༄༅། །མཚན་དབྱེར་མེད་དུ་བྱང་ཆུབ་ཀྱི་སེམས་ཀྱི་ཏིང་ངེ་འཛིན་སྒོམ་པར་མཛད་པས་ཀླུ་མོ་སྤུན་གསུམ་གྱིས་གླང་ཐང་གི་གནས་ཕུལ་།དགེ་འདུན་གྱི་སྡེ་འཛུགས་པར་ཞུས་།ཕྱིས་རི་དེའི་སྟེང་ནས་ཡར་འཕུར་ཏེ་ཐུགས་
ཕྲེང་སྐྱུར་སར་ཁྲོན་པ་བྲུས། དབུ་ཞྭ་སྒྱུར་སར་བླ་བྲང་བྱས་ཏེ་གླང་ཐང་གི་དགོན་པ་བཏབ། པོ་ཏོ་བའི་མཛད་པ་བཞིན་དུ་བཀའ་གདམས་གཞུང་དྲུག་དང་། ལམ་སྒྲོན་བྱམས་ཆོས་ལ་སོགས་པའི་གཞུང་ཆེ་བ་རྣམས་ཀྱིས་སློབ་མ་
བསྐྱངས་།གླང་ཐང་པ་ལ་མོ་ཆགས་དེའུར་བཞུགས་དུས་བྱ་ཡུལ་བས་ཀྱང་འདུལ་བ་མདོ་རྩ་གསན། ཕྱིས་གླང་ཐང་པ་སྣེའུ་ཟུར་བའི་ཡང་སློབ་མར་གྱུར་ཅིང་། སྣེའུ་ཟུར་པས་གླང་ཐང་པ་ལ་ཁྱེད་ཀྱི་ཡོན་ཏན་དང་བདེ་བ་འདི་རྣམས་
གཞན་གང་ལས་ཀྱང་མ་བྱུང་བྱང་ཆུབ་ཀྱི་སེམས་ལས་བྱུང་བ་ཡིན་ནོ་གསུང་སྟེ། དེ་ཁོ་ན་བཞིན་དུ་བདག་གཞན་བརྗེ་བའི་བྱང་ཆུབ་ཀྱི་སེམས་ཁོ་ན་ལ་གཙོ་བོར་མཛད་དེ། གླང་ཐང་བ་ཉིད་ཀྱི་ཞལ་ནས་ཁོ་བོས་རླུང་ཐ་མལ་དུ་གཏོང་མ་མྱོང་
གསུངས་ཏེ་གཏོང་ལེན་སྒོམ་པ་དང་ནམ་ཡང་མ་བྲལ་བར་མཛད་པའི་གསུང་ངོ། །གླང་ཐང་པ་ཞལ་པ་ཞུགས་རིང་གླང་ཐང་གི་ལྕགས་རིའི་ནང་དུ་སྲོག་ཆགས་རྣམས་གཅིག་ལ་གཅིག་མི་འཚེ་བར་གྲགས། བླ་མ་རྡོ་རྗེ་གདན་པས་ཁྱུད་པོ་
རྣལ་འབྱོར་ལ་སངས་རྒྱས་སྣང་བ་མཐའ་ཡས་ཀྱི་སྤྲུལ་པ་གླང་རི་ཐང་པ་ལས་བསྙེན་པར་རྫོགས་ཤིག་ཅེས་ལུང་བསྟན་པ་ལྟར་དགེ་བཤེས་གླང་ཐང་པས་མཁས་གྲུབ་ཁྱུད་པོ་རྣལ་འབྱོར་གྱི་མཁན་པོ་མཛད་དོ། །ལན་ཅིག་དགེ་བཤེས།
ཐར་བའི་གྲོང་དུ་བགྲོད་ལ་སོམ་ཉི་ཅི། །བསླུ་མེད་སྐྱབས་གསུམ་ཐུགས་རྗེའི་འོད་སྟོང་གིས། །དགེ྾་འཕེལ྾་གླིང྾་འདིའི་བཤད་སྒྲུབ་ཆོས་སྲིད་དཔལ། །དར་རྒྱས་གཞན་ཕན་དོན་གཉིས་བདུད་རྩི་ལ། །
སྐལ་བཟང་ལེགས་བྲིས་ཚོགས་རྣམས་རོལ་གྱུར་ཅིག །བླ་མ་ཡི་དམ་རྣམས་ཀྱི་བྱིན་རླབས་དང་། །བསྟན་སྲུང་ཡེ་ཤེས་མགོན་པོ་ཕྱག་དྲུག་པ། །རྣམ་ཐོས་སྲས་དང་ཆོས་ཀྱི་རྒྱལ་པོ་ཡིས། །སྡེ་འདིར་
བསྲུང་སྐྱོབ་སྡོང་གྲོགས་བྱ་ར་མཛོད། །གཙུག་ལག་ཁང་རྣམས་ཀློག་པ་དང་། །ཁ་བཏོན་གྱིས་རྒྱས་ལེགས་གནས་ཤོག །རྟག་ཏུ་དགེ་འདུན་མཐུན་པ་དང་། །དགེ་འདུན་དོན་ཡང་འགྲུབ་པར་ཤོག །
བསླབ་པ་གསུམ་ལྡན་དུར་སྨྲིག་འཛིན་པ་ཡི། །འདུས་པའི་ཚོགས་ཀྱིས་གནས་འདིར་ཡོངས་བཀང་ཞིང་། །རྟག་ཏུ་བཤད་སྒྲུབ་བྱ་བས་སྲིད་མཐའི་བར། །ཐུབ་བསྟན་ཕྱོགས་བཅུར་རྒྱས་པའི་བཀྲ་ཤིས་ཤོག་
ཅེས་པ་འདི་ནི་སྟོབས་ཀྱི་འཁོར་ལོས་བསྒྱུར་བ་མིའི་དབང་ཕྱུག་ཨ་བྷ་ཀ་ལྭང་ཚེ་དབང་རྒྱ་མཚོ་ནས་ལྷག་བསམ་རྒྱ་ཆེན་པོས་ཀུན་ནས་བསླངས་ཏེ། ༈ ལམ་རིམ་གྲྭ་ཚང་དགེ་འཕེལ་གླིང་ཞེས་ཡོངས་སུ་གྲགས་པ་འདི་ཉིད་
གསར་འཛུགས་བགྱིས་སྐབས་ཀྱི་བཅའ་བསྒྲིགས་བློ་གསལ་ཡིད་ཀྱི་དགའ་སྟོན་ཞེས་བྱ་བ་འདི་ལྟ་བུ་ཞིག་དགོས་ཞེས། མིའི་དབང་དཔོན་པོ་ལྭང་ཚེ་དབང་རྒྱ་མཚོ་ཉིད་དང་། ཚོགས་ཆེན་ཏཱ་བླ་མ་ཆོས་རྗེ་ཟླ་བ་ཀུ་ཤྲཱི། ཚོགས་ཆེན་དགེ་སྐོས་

* * *

* **Directions for this task**
Output the full listing exactly as it stands.

* **Final answer**
༄༅། །མཚན་དབྱེར་མེད་དུ་བྱང་ཆུབ་ཀྱི་སེམས་ཀྱི་ཏིང་ངེ་འཛིན་སྒོམ་པར་མཛད་པས་ཀླུ་མོ་སྤུན་གསུམ་གྱིས་གླང་ཐང་གི་གནས་ཕུལ་།དགེ་འདུན་གྱི་སྡེ་འཛུགས་པར་ཞུས་།ཕྱིས་རི་དེའི་སྟེང་ནས་ཡར་འཕུར་ཏེ་ཐུགས་
ཕྲེང་སྐྱུར་སར་ཁྲོན་པ་བྲུས། དབུ་ཞྭ་སྒྱུར་སར་བླ་བྲང་བྱས་ཏེ་གླང་ཐང་གི་དགོན་པ་བཏབ། པོ་ཏོ་བའི་མཛད་པ་བཞིན་དུ་བཀའ་གདམས་གཞུང་དྲུག་དང་། ལམ་སྒྲོན་བྱམས་ཆོས་ལ་སོགས་པའི་གཞུང་ཆེ་བ་རྣམས་ཀྱིས་སློབ་མ་
བསྐྱངས་།གླང་ཐང་པ་ལ་མོ་ཆགས་དེའུར་བཞུགས་དུས་བྱ་ཡུལ་བས་ཀྱང་འདུལ་བ་མདོ་རྩ་གསན། ཕྱིས་གླང་ཐང་པ་སྣེའུ་ཟུར་བའི་ཡང་སློབ་མར་གྱུར་ཅིང་། སྣེའུ་ཟུར་པས་གླང་ཐང་པ་ལ་ཁྱེད་ཀྱི་ཡོན་ཏན་དང་བདེ་བ་འདི་རྣམས་
གཞན་གང་ལས་ཀྱང་མ་བྱུང་བྱང་ཆུབ་ཀྱི་སེམས་ལས་བྱུང་བ་ཡིན་ནོ་གསུང་སྟེ། དེ་ཁོ་ན་བཞིན་དུ་བདག་གཞན་བརྗེ་བའི་བྱང་ཆུབ་ཀྱི་སེམས་ཁོ་ན་ལ་གཙོ་བོར་མཛད་དེ། གླང་ཐང་བ་ཉིད་ཀྱི་ཞལ་ནས་ཁོ་བོས་རླུང་ཐ་མལ་དུ་གཏོང་མ་མྱོང་
གསུངས་ཏེ་གཏོང་ལེན་སྒོམ་པ་དང་ནམ་ཡང་མ་བྲལ་བར་མཛད་པའི་གསུང་ངོ། །གླང་ཐང་པ་ཞལ་པ་ཞུགས་རིང་གླང་ཐང་གི་ལྕགས་རིའི་ནང་དུ་སྲོག་ཆགས་རྣམས་གཅིག་ལ་གཅིག་མི་འཚེ་བར་གྲགས། བླ་མ་རྡོ་རྗེ་གདན་པས་ཁྱུད་པོ་
རྣལ་འབྱོར་ལ་སངས་རྒྱས་སྣང་བ་མཐའ་ཡས་ཀྱི་སྤྲུལ་པ་གླང་རི་ཐང་པ་ལས་བསྙེན་པར་རྫོགས་ཤིག་ཅེས་ལུང་བསྟན་པ་ལྟར་དགེ་བཤེས་གླང་ཐང་པས་མཁས་གྲུབ་ཁྱུད་པོ་རྣལ་འབྱོར་གྱི་མཁན་པོ་མཛད་དོ། །ལན་ཅིག་དགེ་བཤེས།
ཐར་བའི་གྲོང་དུ་བགྲོད་ལ་སོམ་ཉི་ཅི། །བསླུ་མེད་སྐྱབས་གསུམ་ཐུགས་རྗེའི་འོད་སྟོང་གིས། །དགེ྾་འཕེལ྾་གླིང྾་འདིའི་བཤད་སྒྲུབ་ཆོས་སྲིད་དཔལ། །དར་རྒྱས་གཞན་ཕན་དོན་གཉིས་བདུད་རྩི་ལ། །
སྐལ་བཟང་ལེགས་བྲིས་ཚོགས་རྣམས་རོལ་གྱུར་ཅིག །བླ་མ་ཡི་དམ་རྣམས་ཀྱི་བྱིན་རླབས་དང་། །བསྟན་སྲུང་ཡེ་ཤེས་མགོན་པོ་ཕྱག་དྲུག་པ། །རྣམ་ཐོས་སྲས་དང་ཆོས་ཀྱི་རྒྱལ་པོ་ཡིས། །སྡེ་འདིར་
བསྲུང་སྐྱོབ་སྡོང་གྲོགས་བྱ་ར་མཛོད། །གཙུག་ལག་ཁང་རྣམས་ཀློག་པ་དང་། །ཁ་བཏོན་གྱིས་རྒྱས་ལེགས་གནས་ཤོག །རྟག་ཏུ་དགེ་འདུན་མཐུན་པ་དང་། །དགེ་འདུན་དོན་ཡང་འགྲུབ་པར་ཤོག །
བསླབ་པ་གསུམ་ལྡན་དུར་སྨྲིག་འཛིན་པ་ཡི། །འདུས་པའི་ཚོགས་ཀྱིས་གནས་འདིར་ཡོངས་བཀང་ཞིང་། །རྟག་ཏུ་བཤད་སྒྲུབ་བྱ་བས་སྲིད་མཐའི་བར། །ཐུབ་བསྟན་ཕྱོགས་བཅུར་རྒྱས་པའི་བཀྲ་ཤིས་ཤོག་
ཅེས་པ་འདི་ནི་སྟོབས་ཀྱི་འཁོར་ལོས་བསྒྱུར་བ་མིའི་དབང་ཕྱུག་ཨ་བྷ་ཀ་ལྭང་ཚེ་དབང་རྒྱ་མཚོ་ནས་ལྷག་བསམ་རྒྱ་ཆེན་པོས་ཀུན་ནས་བསླངས་ཏེ། ༈ ལམ་རིམ་གྲྭ་ཚང་དགེ་འཕེལ་གླིང་ཞེས་ཡོངས་སུ་གྲགས་པ་འདི་ཉིད་
གསར་འཛུགས་བགྱིས་སྐབས་ཀྱི་བཅའ་བསྒྲིགས་བློ་གསལ་ཡིད་ཀྱི་དགའ་སྟོན་ཞེས་བྱ་བ་འདི་ལྟ་བུ་ཞིག་དགོས་ཞེས། མིའི་དབང་དཔོན་པོ་ལྭང་ཚེ་དབང་རྒྱ་མཚོ་ཉིད་དང་། ཚོགས་ཆེན་ཏཱ་བླ་མ་ཆོས་རྗེ་ཟླ་བ་ཀུ་ཤྲཱི། ཚོགས་ཆེན་དགེ་སྐོས་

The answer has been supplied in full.